TAIPEI / GEORGETOWN (Reuters) – Guyana abruptly terminated an agreement with Taiwan on Thursday to open an office in the South American country, hours after China asked Georgetown to “correct its mistake”.
Taiwan’s Ministry of Foreign Affairs said on Thursday that it signed an agreement with Guyana on January 11 to open an office in Taiwan, effectively a de facto embassy for the island that China claims as its sovereign territory, without the right to diplomatic ties.
Guyana’s Ministry of Foreign Affairs said on Thursday afternoon that it was revoking the agreement and that it continued to adhere to the “One China” policy.
“The government has not established diplomatic relations or relations with Taiwan and, as a result of the lack of communication of the signed agreement, it was terminated,” says the statement from Guyana.
Guyana traditionally has close ties to China.
Chinese Foreign Ministry spokesman Wang Wenbin responded to the move by saying that Beijing hoped that Guyana would not engage in official ties with Taiwan, asking the country to “take serious steps to correct its mistake”.
The United States is concerned about the deepening of Chinese influence in Latin America.
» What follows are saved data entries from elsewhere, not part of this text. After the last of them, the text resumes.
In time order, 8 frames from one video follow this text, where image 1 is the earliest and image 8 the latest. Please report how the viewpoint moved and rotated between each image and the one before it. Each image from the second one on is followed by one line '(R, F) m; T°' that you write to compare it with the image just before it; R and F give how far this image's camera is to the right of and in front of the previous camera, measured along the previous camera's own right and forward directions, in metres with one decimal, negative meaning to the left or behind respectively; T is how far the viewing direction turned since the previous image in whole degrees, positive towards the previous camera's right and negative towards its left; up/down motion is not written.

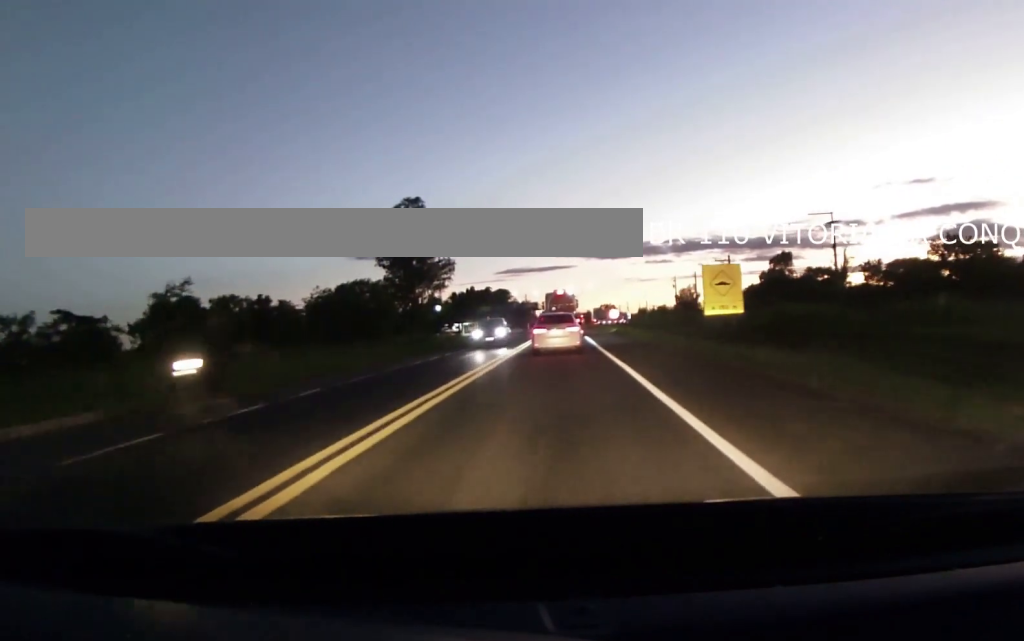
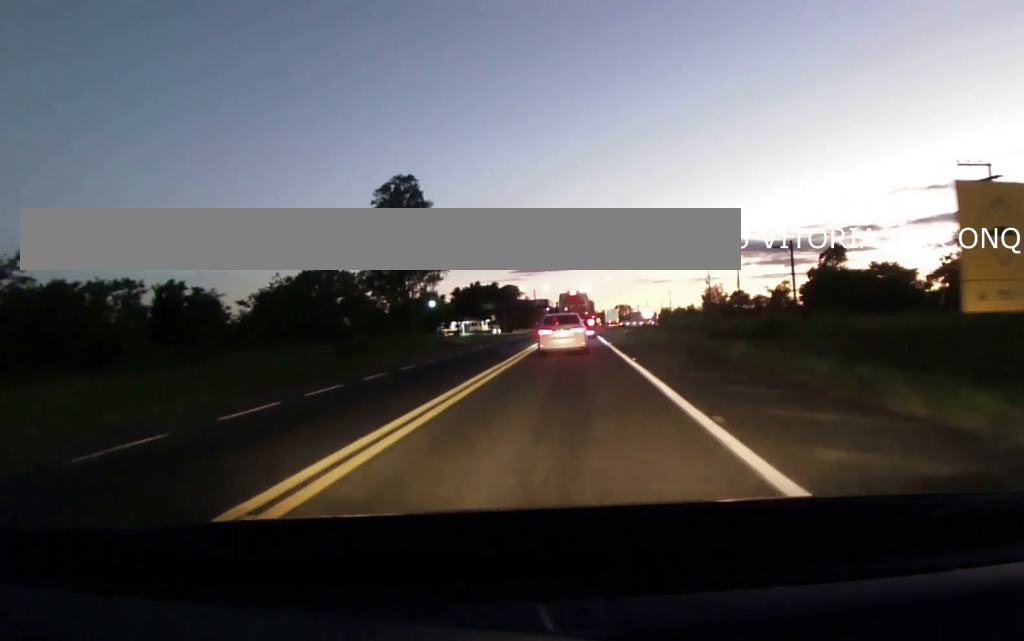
(0.0, +26.4) m; -1°
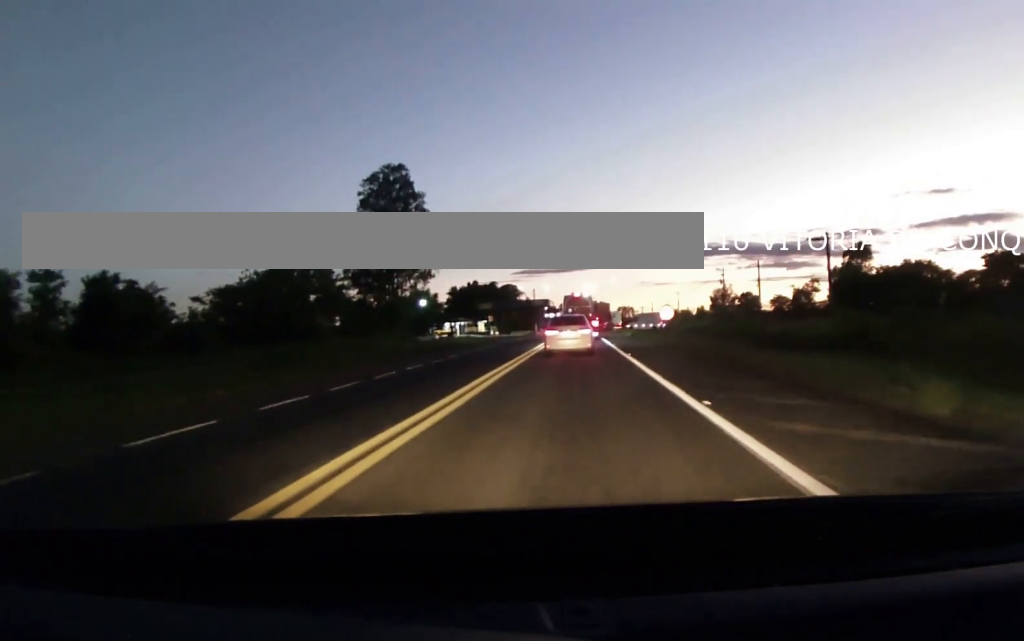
(-0.3, +12.2) m; 0°
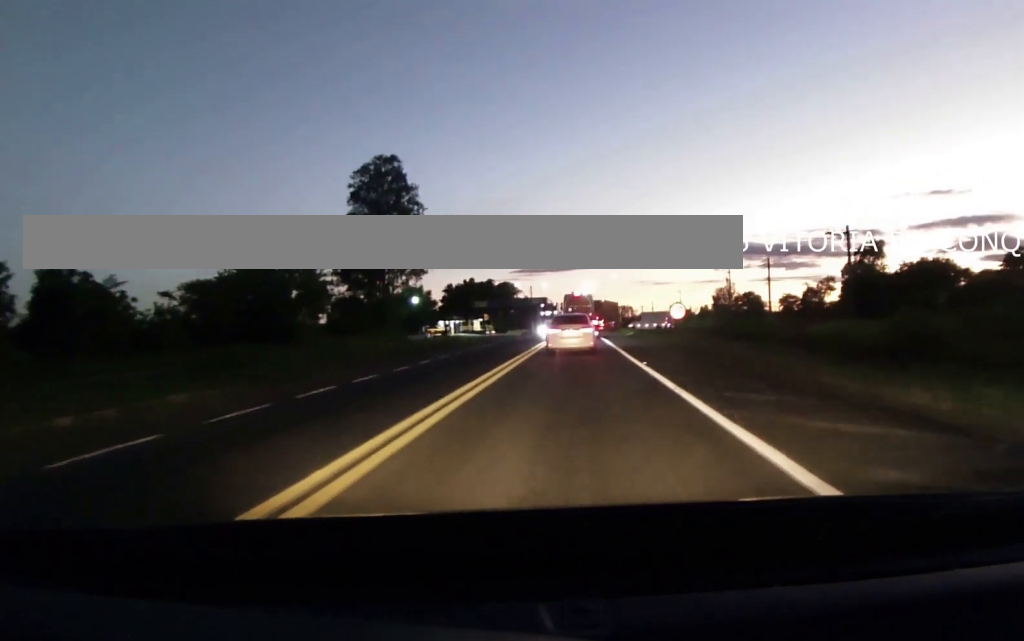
(+0.1, +6.2) m; 0°
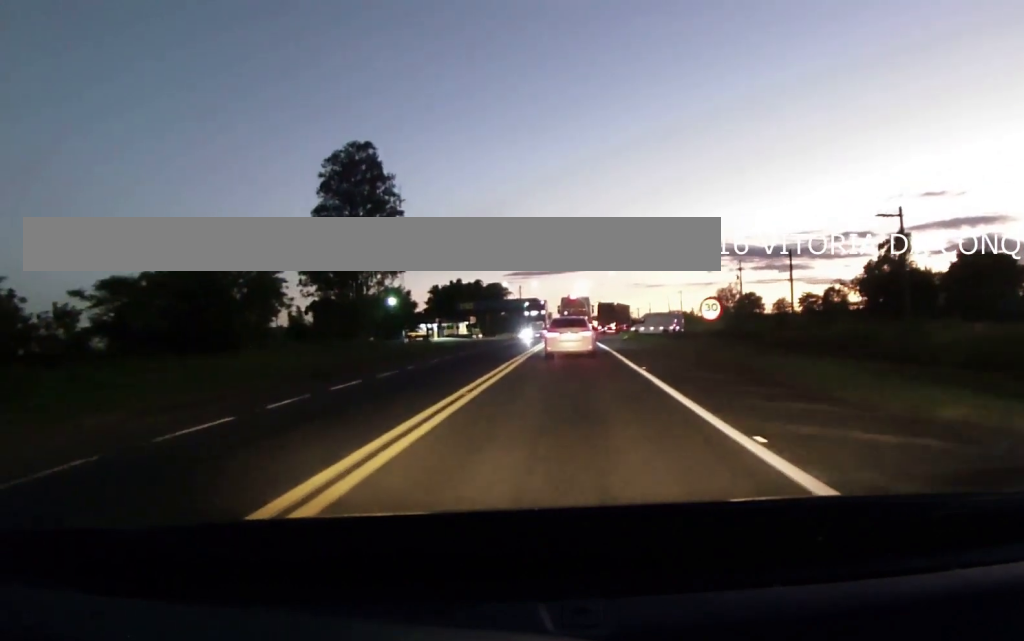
(-0.1, +13.7) m; +2°
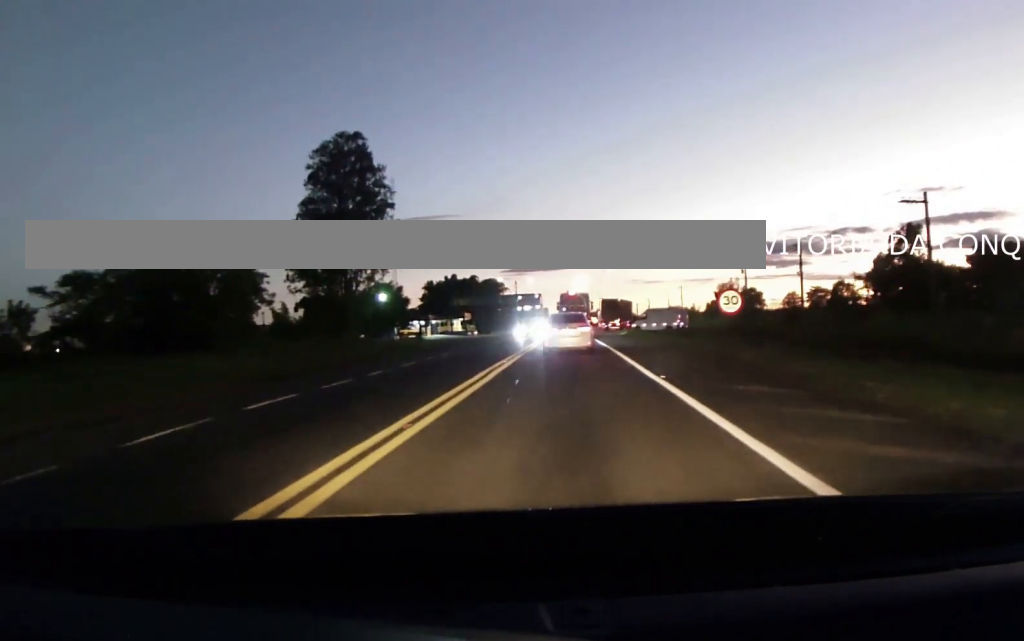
(0.0, +4.8) m; +1°
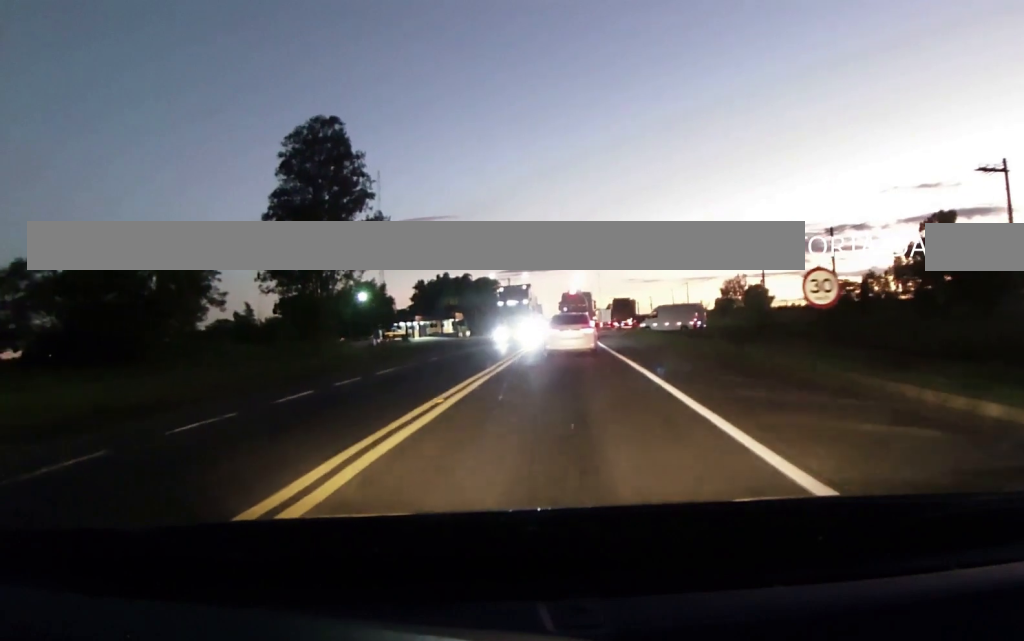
(+0.5, +11.3) m; +1°
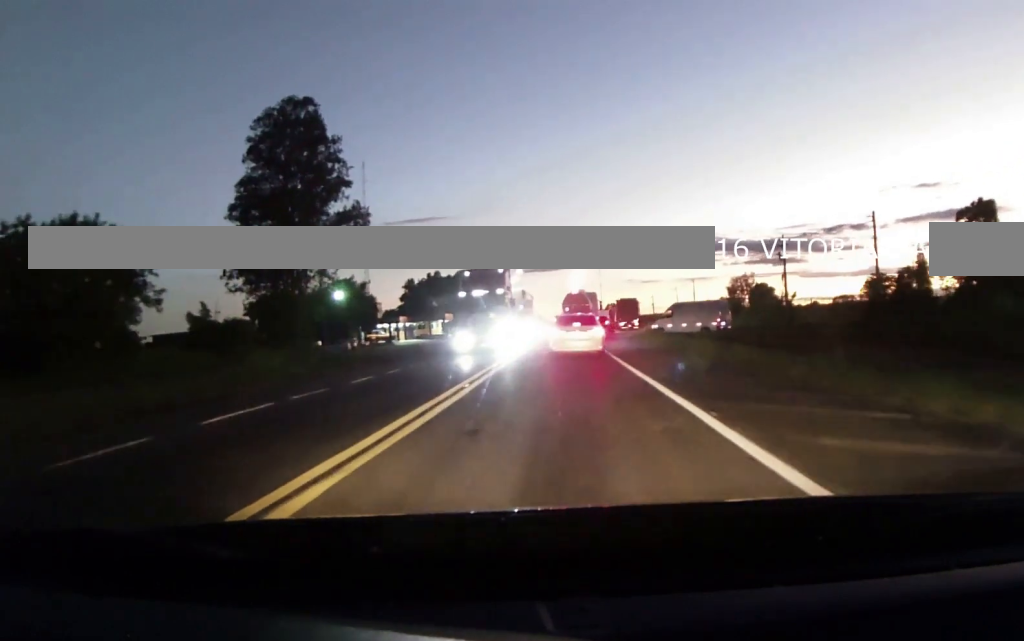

Guyana, a former British colony, recently started developing offshore oil reserves and is strategically located alongside conflict-ravaged Venezuela, an important Chinese ally with which Guyana has a territorial dispute.
Taiwan has formal diplomatic relations with just 14 countries, including four Caribbean nations.
China’s CNOOC Ltd is part of a consortium with American oil companies Exxon Mobil Corp and Hess Corp that discovered more than 8 billion barrels of recoverable oil reserves in the Stabroek block, off the coast of Guyana, making the country a new energy hotspot.